There are a number of self-care strategies that caregivers can try to reduce stress. No one approach will work for everyone, so it’s important to find what works for you. Options include:

√ Talk to someone you trust. This could be a friend, family member, priest or counselor. The Alzheimer’s Association offers a 24-hour helpline, with dementia experts available at any time.

√ Go outside. Even just a few minutes outdoors can improve your mood, especially on sunny days.
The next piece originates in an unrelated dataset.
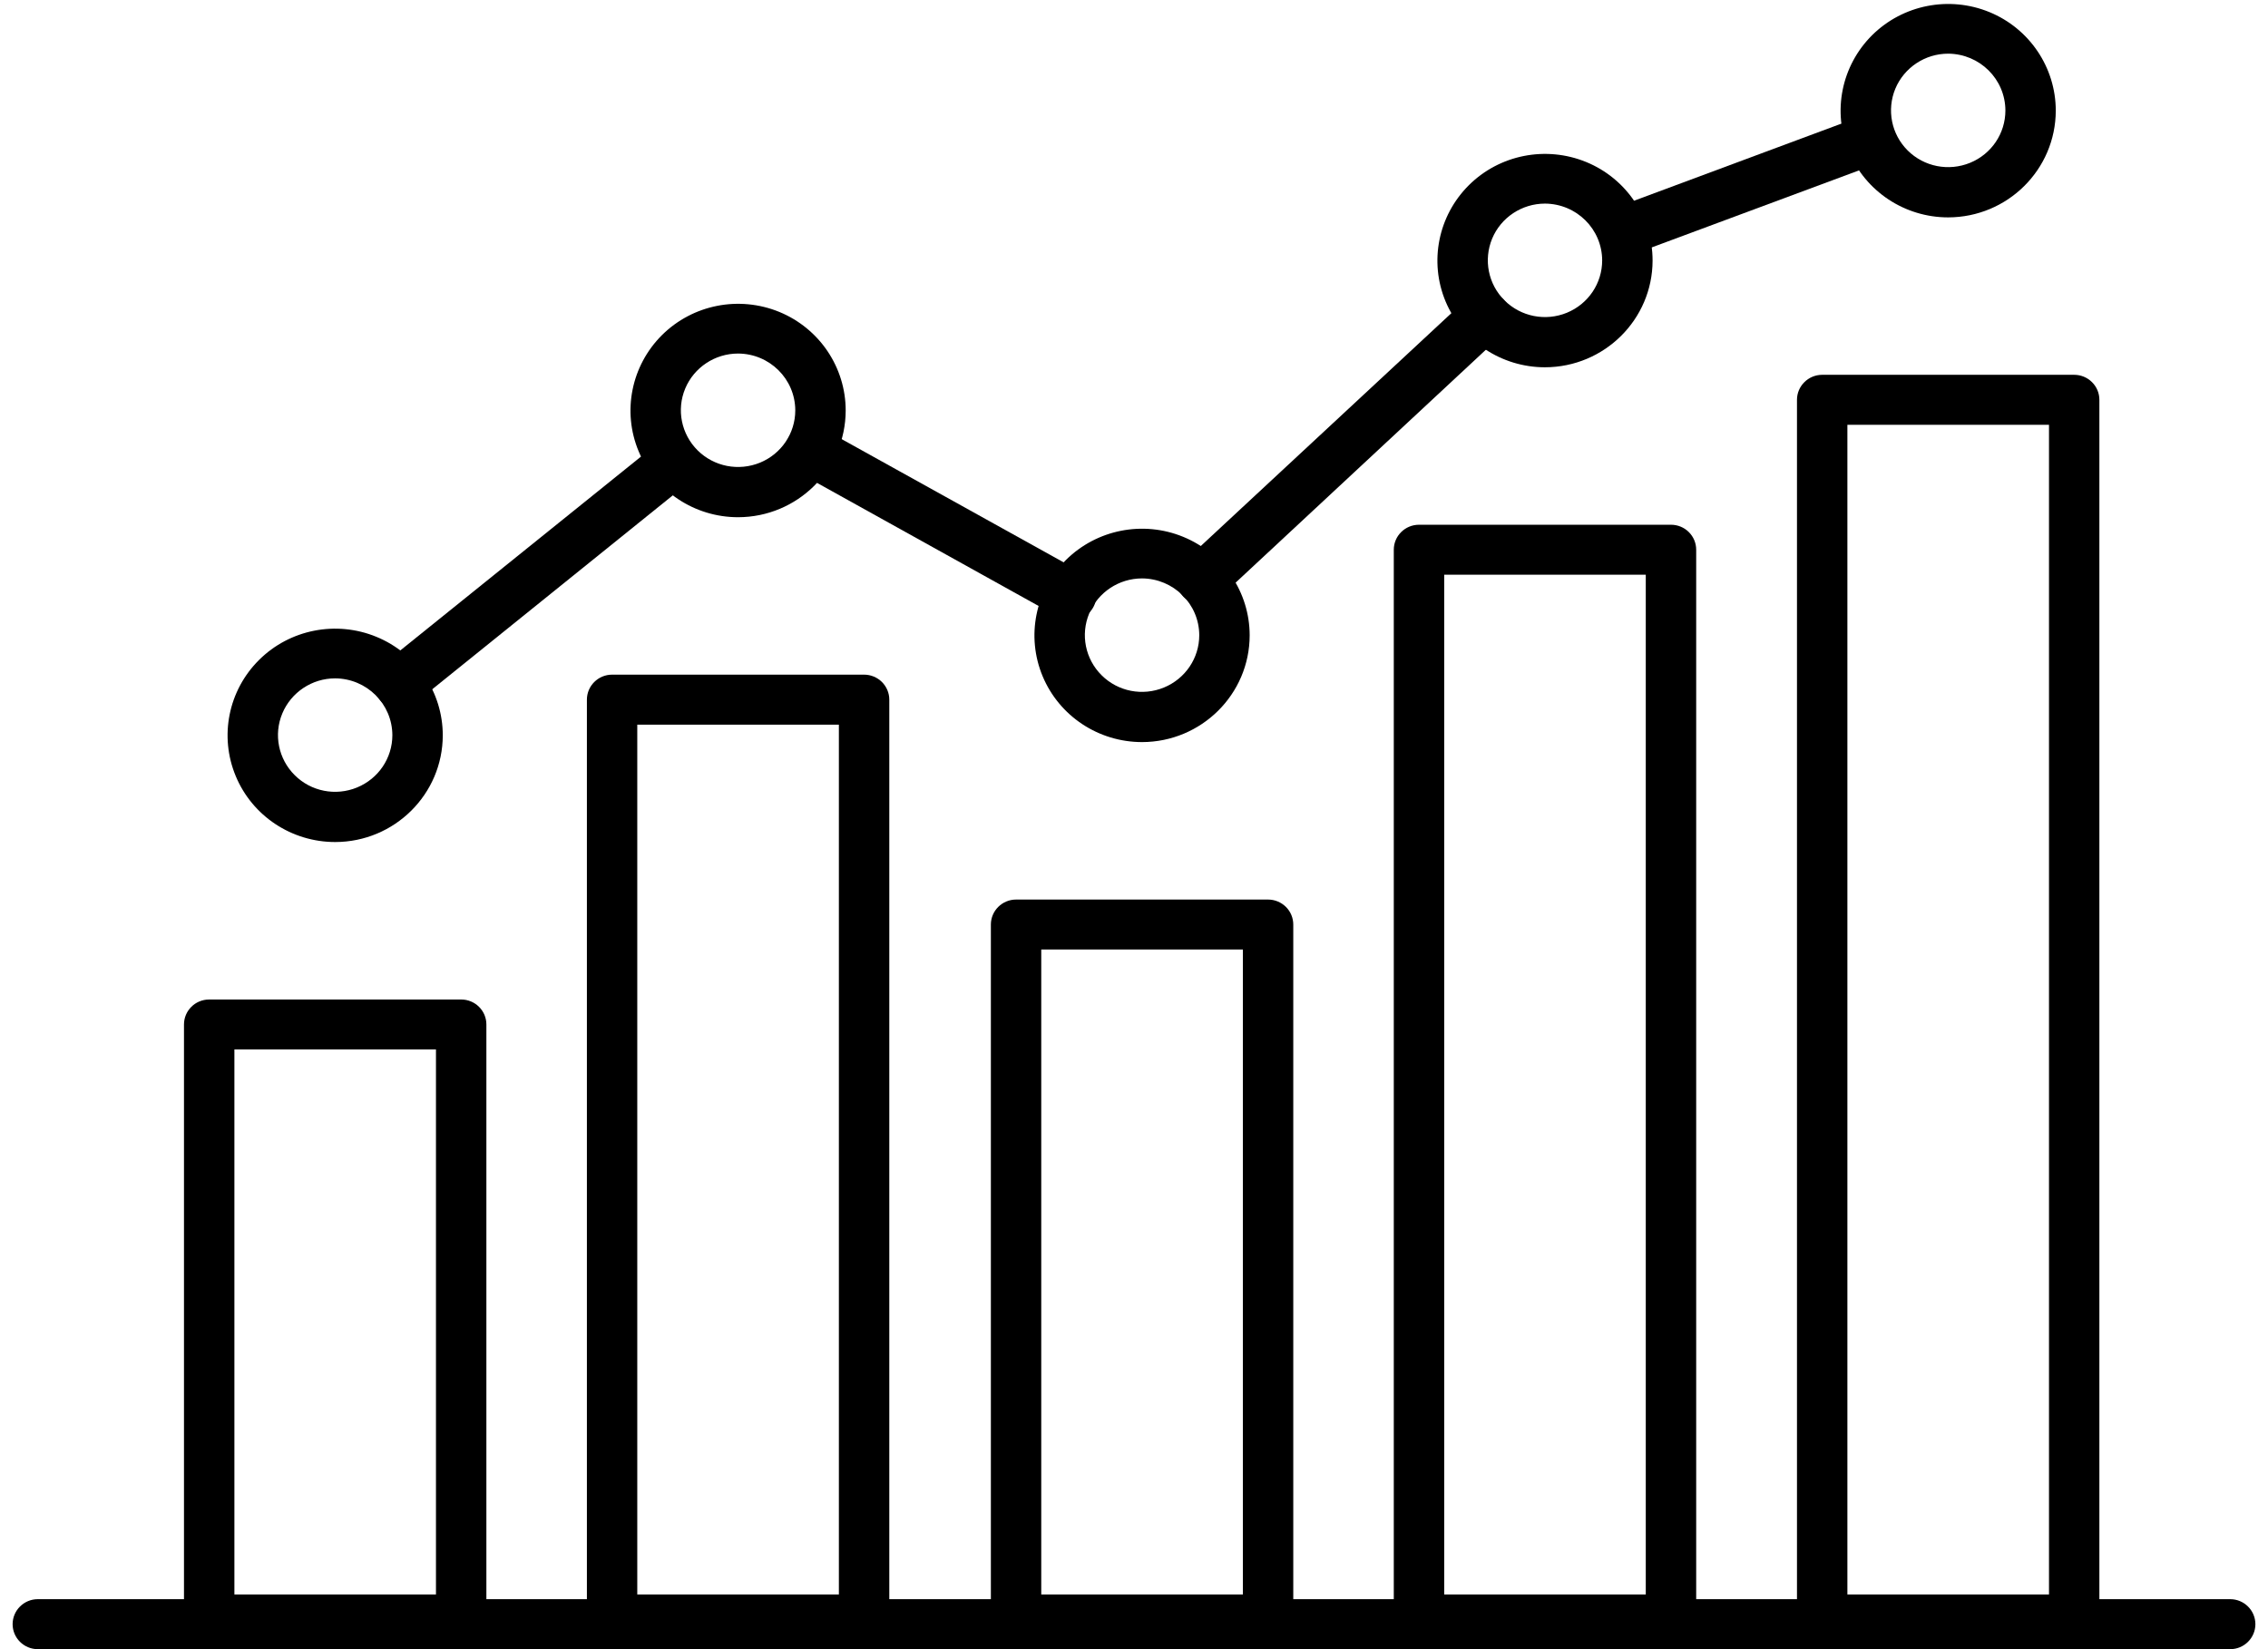 <svg xmlns="http://www.w3.org/2000/svg" xmlns:xlink="http://www.w3.org/1999/xlink" width="66px" height="48px" viewBox="0 0 66 48"> <!-- Generator: Sketch 39.1 (31720) - http://www.bohemiancoding.com/sketch --> <title>np_bar-chart_471091_000000</title> <desc>Created with Sketch.</desc> <defs></defs> <g id="Desktop" stroke="none" stroke-width="1" fill-rule="evenodd"> <g id="Desktop-HD" transform="translate(-34, -1788)"> <g id="SLIDER" transform="translate(0, 1214)"> <g id="np_bar-chart_471091_000000" transform="translate(34, 574)"> <g id="Group"> <path d="M9.754,24.508 C8.488,24.508 7.345,23.753 6.861,22.591 C6.377,21.432 6.643,20.096 7.54,19.207 C8.434,18.318 9.783,18.054 10.951,18.534 C12.123,19.014 12.885,20.148 12.885,21.403 C12.882,23.116 11.481,24.506 9.754,24.508 L9.754,24.508 Z M9.754,19.744 C9.081,19.744 8.474,20.148 8.216,20.764 C7.958,21.38 8.101,22.091 8.577,22.562 C9.052,23.037 9.768,23.176 10.39,22.92 C11.012,22.665 11.418,22.065 11.418,21.398 C11.415,20.486 10.671,19.75 9.754,19.744 L9.754,19.744 Z" id="Shape"></path> <path d="M64.9,48 L1.1,48 C0.696,48 0.367,47.673 0.367,47.273 C0.367,46.872 0.696,46.545 1.1,46.545 L64.9,46.545 C65.304,46.545 65.633,46.872 65.633,47.273 C65.633,47.673 65.304,48 64.9,48 L64.9,48 Z" id="Shape"></path> <path d="M13.421,47.861 L6.087,47.861 C5.681,47.861 5.354,47.537 5.354,47.134 L5.354,29.818 C5.354,29.418 5.681,29.091 6.087,29.091 L13.421,29.091 C13.616,29.091 13.802,29.168 13.939,29.304 C14.077,29.44 14.154,29.625 14.154,29.818 L14.154,47.134 C14.154,47.327 14.077,47.512 13.939,47.648 C13.802,47.784 13.616,47.861 13.421,47.861 L13.421,47.861 Z M6.821,46.407 L12.687,46.407 L12.687,30.545 L6.821,30.545 L6.821,46.407 Z" id="Shape"></path> <path d="M21.479,15.054 C20.212,15.054 19.072,14.298 18.585,13.136 C18.101,11.977 18.371,10.642 19.264,9.753 C20.161,8.863 21.507,8.599 22.679,9.079 C23.848,9.56 24.61,10.693 24.61,11.949 C24.607,13.662 23.206,15.051 21.479,15.054 L21.479,15.054 Z M21.479,10.29 C20.805,10.29 20.198,10.693 19.94,11.309 C19.682,11.926 19.826,12.636 20.301,13.108 C20.78,13.582 21.493,13.721 22.117,13.466 C22.739,13.21 23.143,12.611 23.143,11.943 C23.14,11.031 22.398,10.295 21.479,10.29 L21.479,10.29 Z" id="Shape"></path> <path d="M25.145,47.861 L17.812,47.861 C17.408,47.861 17.079,47.537 17.079,47.134 L17.079,20.364 C17.079,19.963 17.408,19.636 17.812,19.636 L25.145,19.636 C25.34,19.636 25.526,19.713 25.664,19.849 C25.801,19.986 25.879,20.17 25.879,20.364 L25.879,47.134 C25.879,47.327 25.801,47.512 25.664,47.648 C25.526,47.784 25.34,47.861 25.145,47.861 L25.145,47.861 Z M18.545,46.407 L24.412,46.407 L24.412,21.091 L18.545,21.091 L18.545,46.407 Z" id="Shape"></path> <path d="M33.235,21.599 C31.968,21.599 30.826,20.844 30.341,19.682 C29.857,18.523 30.124,17.187 31.02,16.298 C31.917,15.409 33.263,15.145 34.432,15.625 C35.604,16.105 36.366,17.239 36.366,18.494 C36.363,20.207 34.962,21.596 33.235,21.599 L33.235,21.599 Z M33.235,16.835 C32.561,16.835 31.954,17.238 31.696,17.855 C31.439,18.471 31.582,19.182 32.057,19.653 C32.533,20.128 33.249,20.267 33.871,20.011 C34.492,19.756 34.899,19.156 34.899,18.488 C34.896,17.577 34.151,16.841 33.235,16.835 L33.235,16.835 Z" id="Shape"></path> <path d="M36.901,47.861 L29.568,47.861 C29.164,47.861 28.835,47.537 28.835,47.134 L28.835,26.909 C28.835,26.509 29.164,26.182 29.568,26.182 L36.901,26.182 C37.096,26.182 37.282,26.259 37.42,26.395 C37.557,26.531 37.635,26.716 37.635,26.909 L37.635,47.134 C37.635,47.327 37.557,47.512 37.42,47.648 C37.282,47.784 37.096,47.861 36.901,47.861 L36.901,47.861 Z M30.301,46.407 L36.168,46.407 L36.168,27.636 L30.301,27.636 L30.301,46.407 Z" id="Shape"></path> <path d="M44.96,10.69 C43.694,10.69 42.554,9.934 42.067,8.773 C41.583,7.613 41.852,6.278 42.746,5.389 C43.642,4.5 44.989,4.236 46.16,4.716 C47.329,5.196 48.091,6.329 48.091,7.585 C48.088,9.298 46.687,10.687 44.96,10.69 L44.96,10.69 Z M44.96,5.926 C44.287,5.926 43.679,6.329 43.422,6.946 C43.167,7.562 43.307,8.273 43.783,8.744 C44.261,9.219 44.977,9.358 45.599,9.102 C46.22,8.846 46.624,8.247 46.624,7.579 C46.621,6.667 45.879,5.932 44.96,5.926 L44.96,5.926 Z" id="Shape"></path> <path d="M48.627,47.861 L41.293,47.861 C40.889,47.861 40.56,47.537 40.56,47.134 L40.56,16 C40.56,15.599 40.889,15.273 41.293,15.273 L48.627,15.273 C48.821,15.273 49.008,15.349 49.145,15.486 C49.283,15.622 49.36,15.807 49.36,16 L49.36,47.134 C49.36,47.327 49.283,47.512 49.145,47.648 C49.008,47.784 48.821,47.861 48.627,47.861 L48.627,47.861 Z M42.027,46.407 L47.893,46.407 L47.893,16.727 L42.027,16.727 L42.027,46.407 Z" id="Shape"></path> <path d="M56.693,6.327 C55.427,6.327 54.287,5.571 53.8,4.409 C53.316,3.25 53.585,1.915 54.479,1.025 C55.376,0.136 56.722,-0.128 57.893,0.352 C59.062,0.832 59.824,1.966 59.824,3.221 C59.821,4.935 58.421,6.324 56.693,6.327 L56.693,6.327 Z M56.693,1.562 C56.02,1.562 55.413,1.966 55.155,2.582 C54.9,3.199 55.04,3.909 55.516,4.381 C55.994,4.855 56.71,4.994 57.332,4.738 C57.954,4.483 58.358,3.883 58.358,3.216 C58.355,2.304 57.613,1.568 56.693,1.562 L56.693,1.562 Z" id="Shape"></path> <path d="M60.36,47.861 L53.027,47.861 C52.623,47.861 52.293,47.537 52.293,47.134 L52.293,11.636 C52.293,11.236 52.623,10.909 53.027,10.909 L60.36,10.909 C60.555,10.909 60.741,10.986 60.878,11.122 C61.016,11.259 61.093,11.443 61.093,11.636 L61.093,47.134 C61.093,47.327 61.016,47.512 60.878,47.648 C60.741,47.784 60.555,47.861 60.36,47.861 L60.36,47.861 Z M53.76,46.407 L59.627,46.407 L59.627,12.364 L53.76,12.364 L53.76,46.407 Z" id="Shape"></path> <path d="M47.285,7.446 C46.927,7.452 46.621,7.199 46.558,6.849 C46.495,6.5 46.692,6.156 47.028,6.037 L54.186,3.375 C54.556,3.261 54.954,3.454 55.088,3.815 C55.226,4.176 55.054,4.579 54.699,4.736 L47.54,7.397 C47.46,7.429 47.374,7.446 47.285,7.446 L47.285,7.446 Z" id="Shape"></path> <path d="M34.979,17.593 C34.676,17.596 34.401,17.417 34.289,17.139 C34.174,16.861 34.246,16.539 34.467,16.335 L42.708,8.676 C43.006,8.4 43.47,8.415 43.748,8.71 C44.025,9.003 44.008,9.463 43.713,9.739 L35.486,17.397 C35.348,17.522 35.168,17.593 34.979,17.593 L34.979,17.593 Z" id="Shape"></path> <path d="M31.138,18.051 C31.018,18.048 30.903,18.014 30.8,17.957 L23.217,13.744 C22.865,13.545 22.745,13.099 22.945,12.75 C23.149,12.4 23.598,12.278 23.951,12.48 L31.533,16.69 C31.828,16.855 31.972,17.201 31.877,17.525 C31.783,17.849 31.476,18.068 31.138,18.051 L31.138,18.051 Z" id="Shape"></path> <path d="M11.616,20.625 C11.304,20.628 11.026,20.432 10.923,20.142 C10.817,19.849 10.911,19.525 11.155,19.329 L19.164,12.878 L19.161,12.88 C19.477,12.65 19.918,12.707 20.164,13.008 C20.41,13.309 20.376,13.747 20.087,14.008 L12.077,20.466 C11.948,20.571 11.785,20.625 11.616,20.625 L11.616,20.625 Z" id="Shape"></path> </g> </g> </g> </g> </g> </svg>

√ Practice. Movement is a proven approach to improving mental and physical health. Try a neighborhood walk or a local fitness class, which has the added benefit of being social.

√ Try a mindfulness technique. Meditation, yoga, tai chi, and journaling are all mindfulness options that can reduce anxiety and depression and can even help reduce blood pressure and improve sleep quality.

Gangemi said she relies on her faith and family to help her cope with stress, while finding a healthy outlet through volunteering for the WNY chapter.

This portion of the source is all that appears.